[[ RECORDS TO USE, beginning ]]
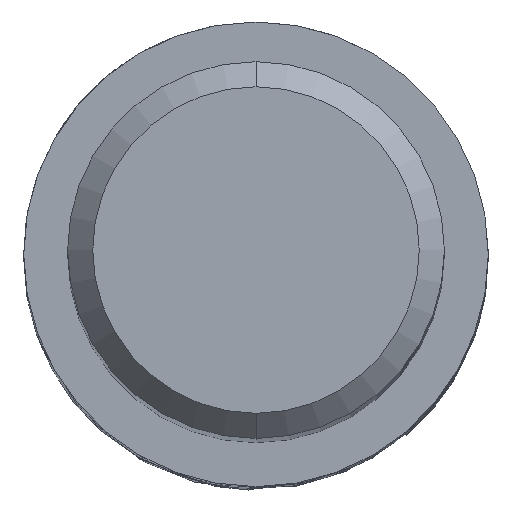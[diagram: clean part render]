
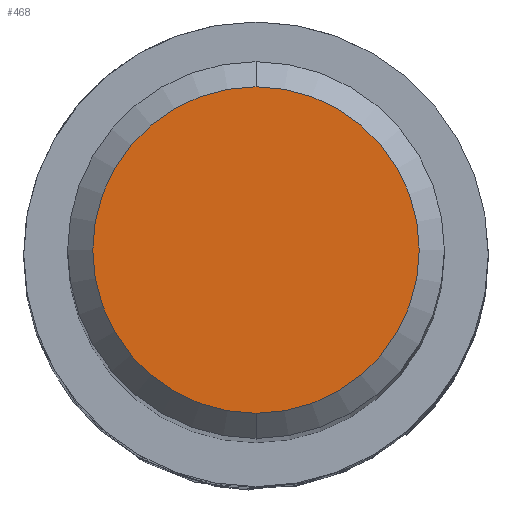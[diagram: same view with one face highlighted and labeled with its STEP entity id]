
A CAD part, top view. The second image highlights one B-rep face of the part: STEP entity #468.
In plain terms, the highlighted planar face has unit normal (0, 0, 1).
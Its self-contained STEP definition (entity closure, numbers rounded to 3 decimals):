
#324=EDGE_CURVE('',#582,#510,#885,.T.);
#408=EDGE_CURVE('',#510,#582,#983,.T.);
#468=ADVANCED_FACE('',(#1048),#1049,.T.);
#510=VERTEX_POINT('',#1093);
#582=VERTEX_POINT('',#1175);
#885=CIRCLE('',#1959,2.6);
#983=CIRCLE('',#2673,2.6);
#1048=FACE_OUTER_BOUND('',#2854,.T.);
#1049=PLANE('',#2855);
#1093=CARTESIAN_POINT('',(0.0,2.6,0.0));
#1175=CARTESIAN_POINT('',(0.,-2.6,0.0));
#1959=AXIS2_PLACEMENT_3D('',#5049,#5050,#5051);
#2673=AXIS2_PLACEMENT_3D('',#5205,#5206,#5207);
#2854=EDGE_LOOP('',(#5275,#5276));
#2855=AXIS2_PLACEMENT_3D('',#5277,#5278,#5279);
#5049=CARTESIAN_POINT('',(0.0,0.0,0.0));
#5050=DIRECTION('',(0.0,0.0,-1.0));
#5051=DIRECTION('',(0.0,1.0,0.0));
#5205=CARTESIAN_POINT('',(0.0,0.0,0.0));
#5206=DIRECTION('',(0.0,0.0,-1.0));
#5207=DIRECTION('',(0.0,1.0,0.0));
#5275=ORIENTED_EDGE('',*,*,#408,.F.);
#5276=ORIENTED_EDGE('',*,*,#324,.F.);
#5277=CARTESIAN_POINT('',(0.0,1.3,0.0));
#5278=DIRECTION('',(-0.0,0.0,1.0));
#5279=DIRECTION('',(0.0,-1.0,0.0));
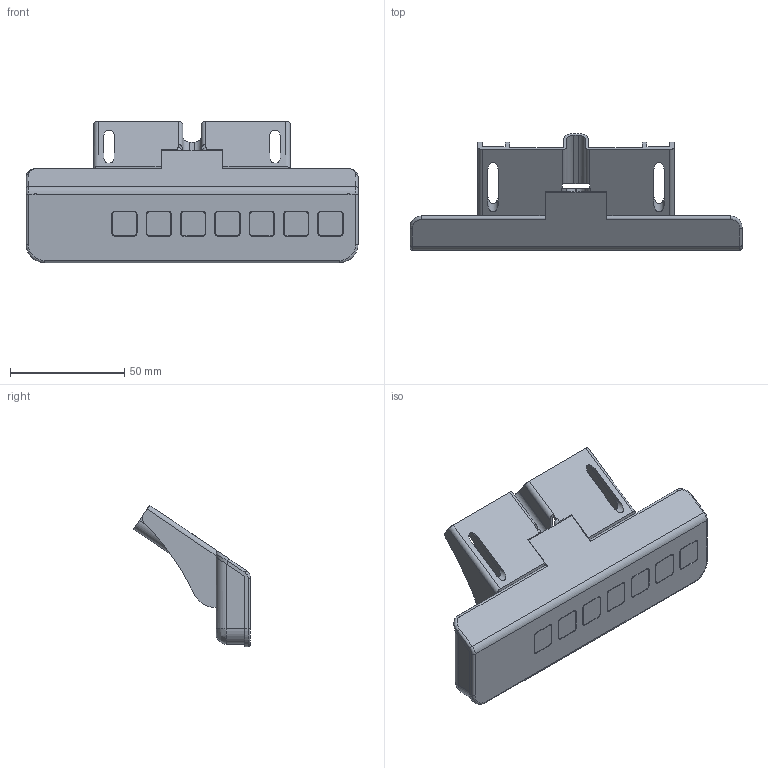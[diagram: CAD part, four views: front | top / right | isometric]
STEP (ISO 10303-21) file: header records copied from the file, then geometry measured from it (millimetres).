
FILE_DESCRIPTION((''),'2;1');
FILE_NAME('JCHT35K_ASM','2020-01-07T08:59:12',('u'),('捷昌驱动'),'CREO PARAMETRIC BY PTC INC, 2018100','CREO PARAMETRIC BY PTC INC, 2018100','');
FILE_SCHEMA(('CONFIG_CONTROL_DESIGN'));
Length unit declared in the file: millimetre
Products named in the file (6): PRT0004_52; PRT0005_64; PRT0001_63; ASM0004_ASM_19_ASM_ASM; 35K_ASM_ASM; JCHT35K_ASM
Assembly tree (11 placements, depth 4):
  JCHT35K_ASM
    35K_ASM_ASM
      ASM0004_ASM_19_ASM_ASM
        PRT0004_52
        PRT0005_64
        PRT0001_63  x7
Bounding box: 145 x 51.01 x 61.69 mm (x, y, z)
Volume: 44215.7 mm3; surface area: 45659.6 mm2
Topology: 9 solids, 9 shells, 569 faces, 1537 edges, 982 vertices
Faces by surface type: plane 298, cylinder 235, torus 32, bspline 4
Entity records: 9422 total; most frequent: CARTESIAN_POINT 2133, ORIENTED_EDGE 1538, DIRECTION 1467, EDGE_CURVE 769, VECTOR 507, LINE 507, VERTEX_POINT 502, AXIS2_PLACEMENT_3D 480
[[ RECORDS TO USE, end ]]
> _YOUR TASK_
Both the line above containing "In plain terms, the" and the line containing "Length unit declared in the file: millimetre" belong in the copy, along with every line between them; print these exactly and omit the pictures.

> _TASK ANSWER_
In plain terms, the highlighted planar face has unit normal (0, 0, 1).
Its self-contained STEP definition (entity closure, numbers rounded to 3 decimals):
#324=EDGE_CURVE('',#582,#510,#885,.T.);
#408=EDGE_CURVE('',#510,#582,#983,.T.);
#468=ADVANCED_FACE('',(#1048),#1049,.T.);
#510=VERTEX_POINT('',#1093);
#582=VERTEX_POINT('',#1175);
#885=CIRCLE('',#1959,2.6);
#983=CIRCLE('',#2673,2.6);
#1048=FACE_OUTER_BOUND('',#2854,.T.);
#1049=PLANE('',#2855);
#1093=CARTESIAN_POINT('',(0.0,2.6,0.0));
#1175=CARTESIAN_POINT('',(0.,-2.6,0.0));
#1959=AXIS2_PLACEMENT_3D('',#5049,#5050,#5051);
#2673=AXIS2_PLACEMENT_3D('',#5205,#5206,#5207);
#2854=EDGE_LOOP('',(#5275,#5276));
#2855=AXIS2_PLACEMENT_3D('',#5277,#5278,#5279);
#5049=CARTESIAN_POINT('',(0.0,0.0,0.0));
#5050=DIRECTION('',(0.0,0.0,-1.0));
#5051=DIRECTION('',(0.0,1.0,0.0));
#5205=CARTESIAN_POINT('',(0.0,0.0,0.0));
#5206=DIRECTION('',(0.0,0.0,-1.0));
#5207=DIRECTION('',(0.0,1.0,0.0));
#5275=ORIENTED_EDGE('',*,*,#408,.F.);
#5276=ORIENTED_EDGE('',*,*,#324,.F.);
#5277=CARTESIAN_POINT('',(0.0,1.3,0.0));
#5278=DIRECTION('',(-0.0,0.0,1.0));
#5279=DIRECTION('',(0.0,-1.0,0.0));
[diagram: CAD part, four views: front | top / right | isometric]
STEP (ISO 10303-21) file: header records copied from the file, then geometry measured from it (millimetres).
FILE_DESCRIPTION((''),'2;1');
FILE_NAME('JCHT35K_ASM','2020-01-07T08:59:12',('u'),('捷昌驱动'),'CREO PARAMETRIC BY PTC INC, 2018100','CREO PARAMETRIC BY PTC INC, 2018100','');
FILE_SCHEMA(('CONFIG_CONTROL_DESIGN'));
Length unit declared in the file: millimetre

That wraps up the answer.